The trick here is using the bash built-in "${#variable}", which returns the number of characters in the string in $variable (unless the variable is an array, in which case it returns the number of elements in the array). So first I create an empty variable called "max" that I'll use to track my longest line. Then my while loop reads through my target file and compares the length of the current line to the length of the string currently in "max". If the new line is longer, I set max to be the newly crowned longest line. At the end of the loop, "max" will be the longest line in the file (technically it will be the first line of that longest length, but close enough), so I print out the length of our "max" line followed by the line itself.

So that will give us the longest line of a single file, but Tim's challenge is actually to find all files which contain a line that's longer than a certain fixed length. In some ways this makes our task easier, since we can stop reading the file as soon as we find any line that exceeds our length limit. But we have to add an extra find command to give us a list of files:

# find /etc -type f -exec /bin/bash -c \
'while read line; do [[ ${#line} -gt 150 ]] && echo {} && break; done < {}' \;

/etc/apt/trusted.gpg~
/etc/apt/trusted.gpg
/etc/apt/apt.conf.d/20dbus
/etc/apt/apt.conf.d/99update-notifier
...

Our while loop now becomes the argument of the "-exec /bin/bash -c ..." action at the end of the find command. And you'll notice that inside the while loop were just looking for any line that's longer than 150 characters. When we hit this condition we print out the file name and simply call "break" to terminate the loop and stop reading the file.

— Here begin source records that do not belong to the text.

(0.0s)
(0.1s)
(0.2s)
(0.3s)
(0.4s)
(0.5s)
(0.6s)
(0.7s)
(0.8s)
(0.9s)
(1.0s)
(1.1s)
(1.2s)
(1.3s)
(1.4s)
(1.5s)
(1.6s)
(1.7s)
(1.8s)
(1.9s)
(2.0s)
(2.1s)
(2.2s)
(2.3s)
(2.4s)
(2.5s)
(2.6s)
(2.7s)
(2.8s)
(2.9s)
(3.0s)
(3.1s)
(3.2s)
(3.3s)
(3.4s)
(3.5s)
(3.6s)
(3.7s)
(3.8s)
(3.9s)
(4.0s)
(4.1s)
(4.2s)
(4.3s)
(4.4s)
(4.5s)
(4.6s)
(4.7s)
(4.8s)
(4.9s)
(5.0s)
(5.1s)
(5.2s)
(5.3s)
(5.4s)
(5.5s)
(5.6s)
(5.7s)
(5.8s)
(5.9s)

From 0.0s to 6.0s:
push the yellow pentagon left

If you really want to see all the long lines from each file along with the file names, it actually makes our while loop a little simpler:

# find /etc -type f -exec /bin/bash -c \
'while read line; do [[ ${#line} -gt 150 ]] && echo {}:$line; done < {}' \;

...


So the final solution a little complicated, but stays well short of the borders of Scriptistan I'd say. And it's less than 150 characters long...

Davide for the touchdown!

Loyal reader Davide Brini writes in to note that the GNU version of wc actually has a "-L" switch that will output the longest line of a file. So on Linux systems, or any box that has GNU coreutils installed, we could use this option to find files with long lines:

find /etc -type f | xargs wc -L | awk '$1 > 150 {print $1}'

"wc -L" gives us the length of the longest line in the file, followed by the file name. So we use awk to see if the longest line is more than 150 characters, and if so we print out the file name.

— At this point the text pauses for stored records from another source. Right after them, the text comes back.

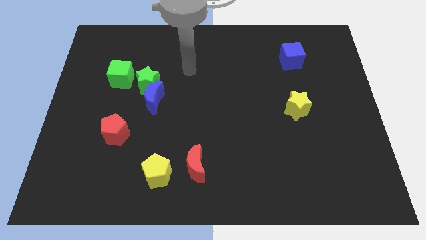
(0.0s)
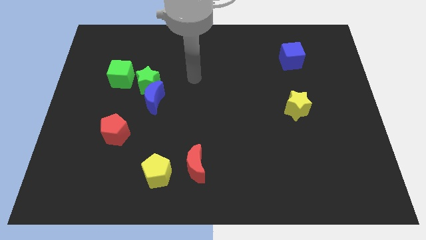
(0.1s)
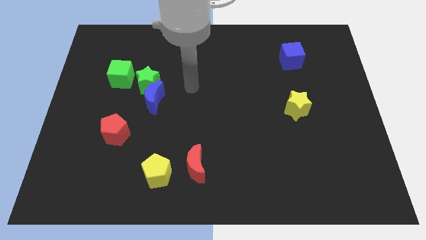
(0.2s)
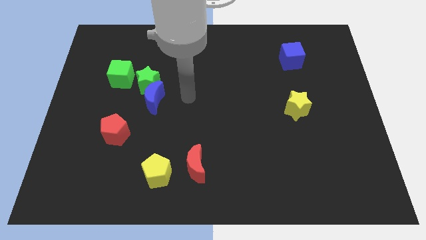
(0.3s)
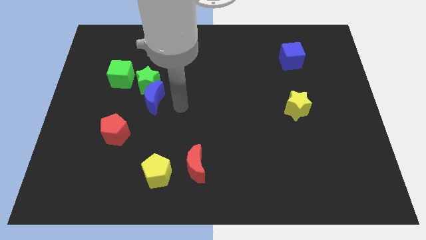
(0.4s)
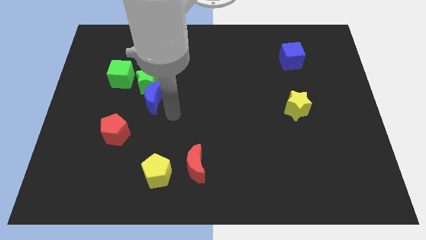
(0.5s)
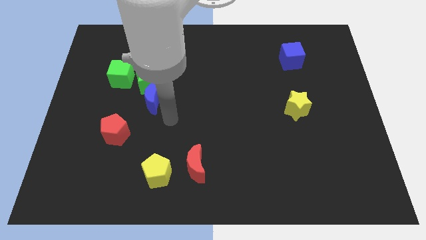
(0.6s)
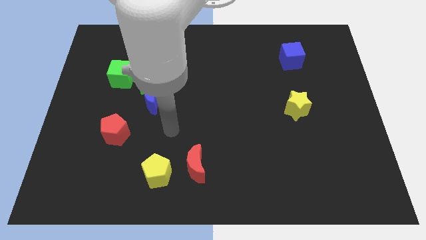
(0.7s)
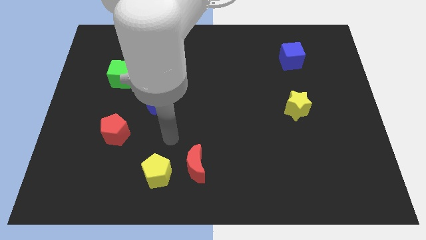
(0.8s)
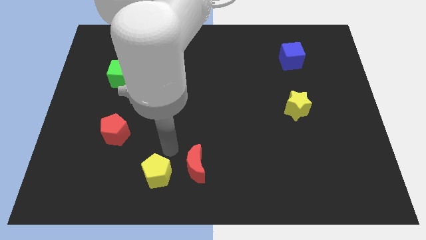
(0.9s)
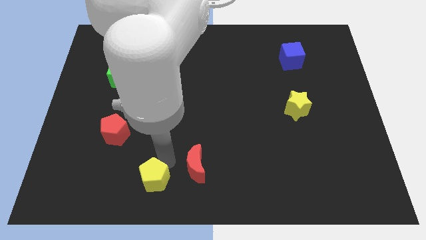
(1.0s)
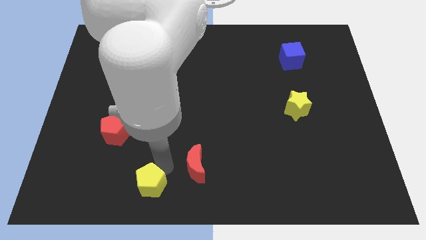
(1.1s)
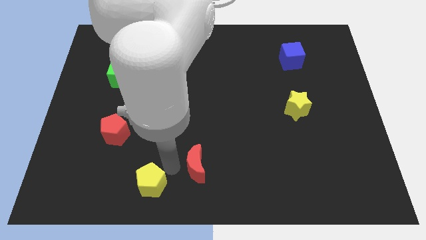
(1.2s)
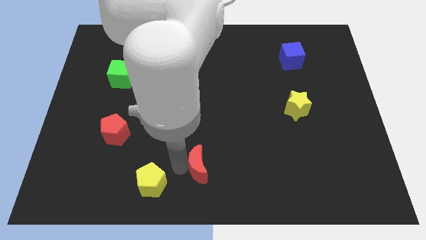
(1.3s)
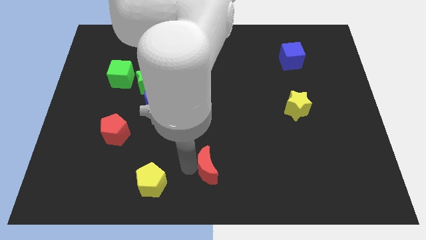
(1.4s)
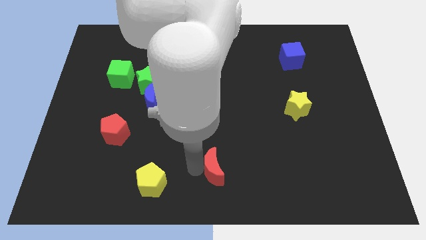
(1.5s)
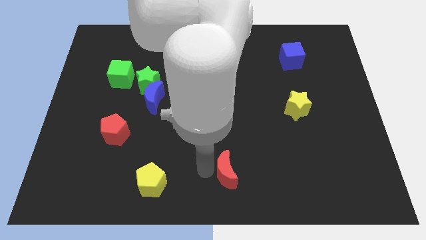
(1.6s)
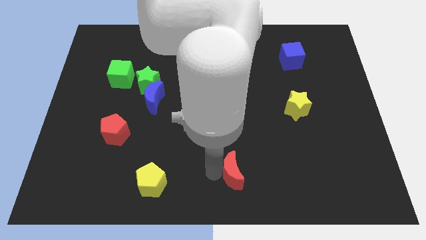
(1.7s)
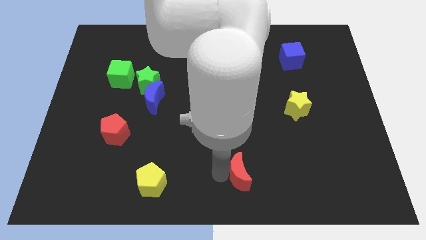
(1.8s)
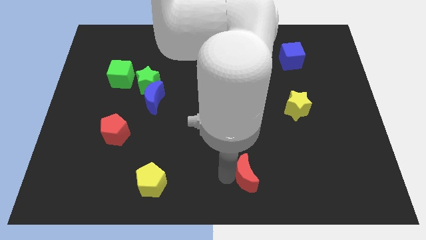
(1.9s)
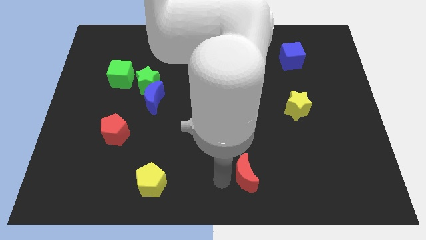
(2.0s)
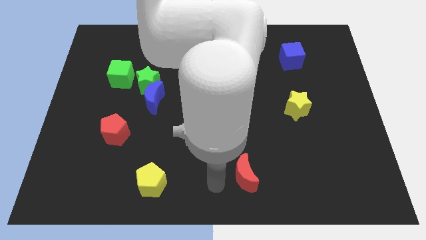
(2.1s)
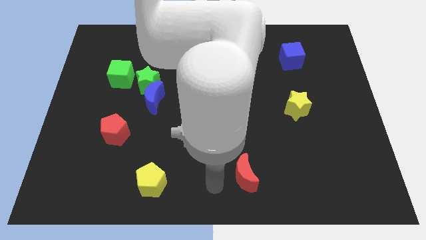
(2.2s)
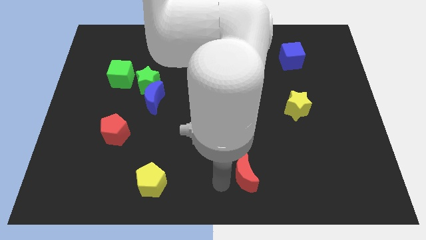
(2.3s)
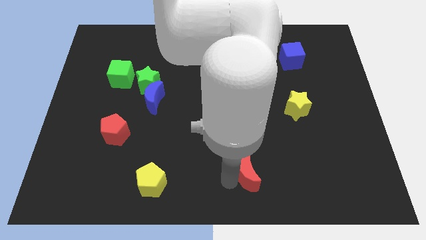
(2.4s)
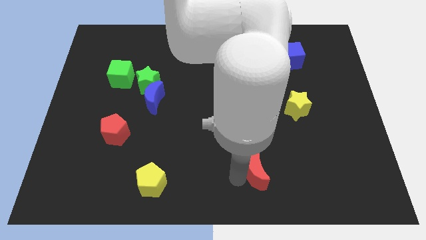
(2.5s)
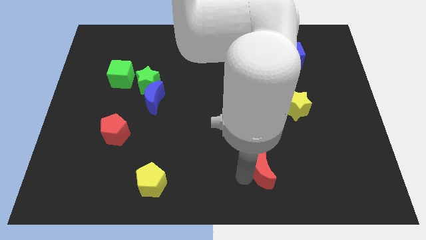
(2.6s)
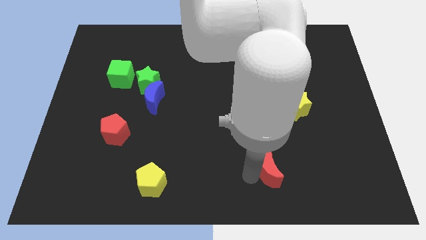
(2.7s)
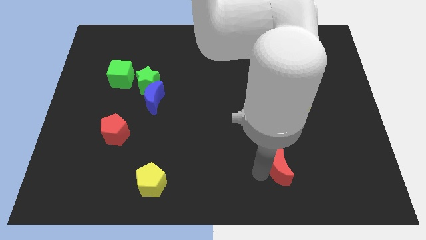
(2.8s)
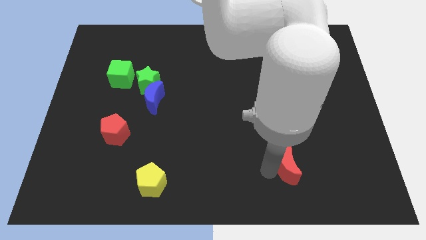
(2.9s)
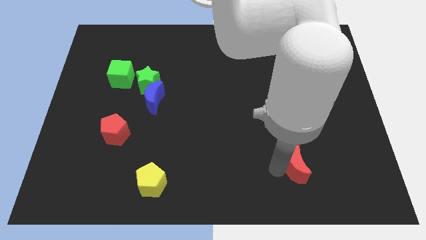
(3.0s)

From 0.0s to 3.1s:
slide the red moon right

But as long as we're using awk, Davide points out that we could just:

find /etc -type f -exec awk 'length > 150 {print FILENAME; exit}' {} \;

Here we're using "find ... -exec awk ..." to call awk on each file in turn. awk will call length() on every line of the file and if we hit a line that's longer than 150 characters, we'll spit out the FILENAME variable which awk helpfully sets for us and terminate awk so we go on to the next file.

And again, if you're on a system with all the GNU utilities installed, then you can do this even more efficiently:

find /etc -type f -exec awk 'length > 150 {print FILENAME; nextfile}' {} +

With GNU find, "-exec ... +" functions like "find ... | xargs ...", calling the awk program as little as possible, but using large groups of matching file names as arguments. The nice thing about the GNU version of awk is that you have the "nextfile" operator to stop reading from the current file and move on to the next one as soon as we encounter a long line.

Thanks, Davide, as always for your insight!